Family functioning is a dynamic construct that may be affected by changes within the family and influences from socio-environmental contexts, such as the COVID-19 pandemic. Future studies with longer-term follow-ups and comprehensive assessments of contextual factors would provide insights to aid understanding of the trends in family functioning. With reference to the Australian experience in collecting routine data of family functioning as one of the indicators of child safety and well-being [13], we encourage future studies to continue to explore how family functioning can be used as an indicator of other social and public health issues, such as family violence and mental health to inform proactive and preventive measures to address these issues. This kind of routine data collection can be easily done by incorporating an appropriate family functioning measurement into existing regular health surveys or health information systems to provide a more holistic view of public health. The study’s findings on the predictors of family functioning suggest that intervention strategies should be tailored for different types of families to address their unique needs. For instance, as family communication is a protective factor for most family types, services aimed at enhancing family communication would be beneficial to the community at large. Enhancing family support is also important, especially for the never married and widowed groups.
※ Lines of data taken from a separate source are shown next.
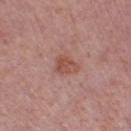Impression:
The lesion was tiled from a total-body skin photograph and was not biopsied.
Context:
A female subject about 50 years old. Measured at roughly 3 mm in maximum diameter. The lesion is on the leg. Captured under white-light illumination. A 15 mm close-up extracted from a 3D total-body photography capture.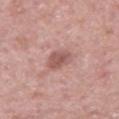Captured during whole-body skin photography for melanoma surveillance; the lesion was not biopsied. A region of skin cropped from a whole-body photographic capture, roughly 15 mm wide. A male patient aged 53 to 57. This is a white-light tile. Longest diameter approximately 3.5 mm. The lesion is on the right upper arm. The total-body-photography lesion software estimated an average lesion color of about L≈55 a*≈23 b*≈23 (CIELAB), a lesion–skin lightness drop of about 10, and a lesion-to-skin contrast of about 7 (normalized; higher = more distinct).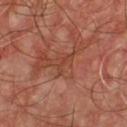Clinical impression: The lesion was photographed on a routine skin check and not biopsied; there is no pathology result. Background: The lesion is located on the chest. Longest diameter approximately 3 mm. A roughly 15 mm field-of-view crop from a total-body skin photograph. A male subject, aged 53 to 57.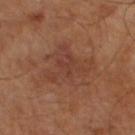Q: Was a biopsy performed?
A: imaged on a skin check; not biopsied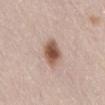| field | value |
|---|---|
| biopsy status | no biopsy performed (imaged during a skin exam) |
| image source | ~15 mm tile from a whole-body skin photo |
| image-analysis metrics | a footprint of about 8 mm², an outline eccentricity of about 0.8 (0 = round, 1 = elongated), and two-axis asymmetry of about 0.1; a classifier nevus-likeness of about 100/100 |
| subject | female, about 65 years old |
| anatomic site | the lower back |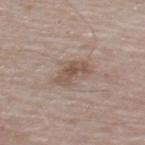This lesion was catalogued during total-body skin photography and was not selected for biopsy.
On the back.
The tile uses white-light illumination.
About 3.5 mm across.
A male subject, aged 73–77.
Cropped from a total-body skin-imaging series; the visible field is about 15 mm.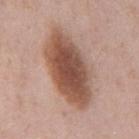Notes:
- follow-up: catalogued during a skin exam; not biopsied
- body site: the mid back
- subject: male, roughly 50 years of age
- lighting: white-light
- diameter: ≈8.5 mm
- acquisition: ~15 mm crop, total-body skin-cancer survey

Our findings also suggest that tailored support for men who experience divorce, separation, and widowhood is needed. Although the current study did not find significant associations of peer support and formal social support with family functioning, this should not be interpreted as indicating that these supportive networks are unimportant. Instead, more research work is needed to enhance our understanding of their roles in family functioning.

Conclusion

This study provides one of the first pieces of evidence on changes in family functioning at a population level across time. Regarding the protective factors of family functioning, the current study showed that frequent family communication is a protective factor commonly shared by most family types. Future public education and community programs could focus on improving family communication as a way to promote family functioning, which in turn may enhance families’ resilience against a variety of crisis and hardships.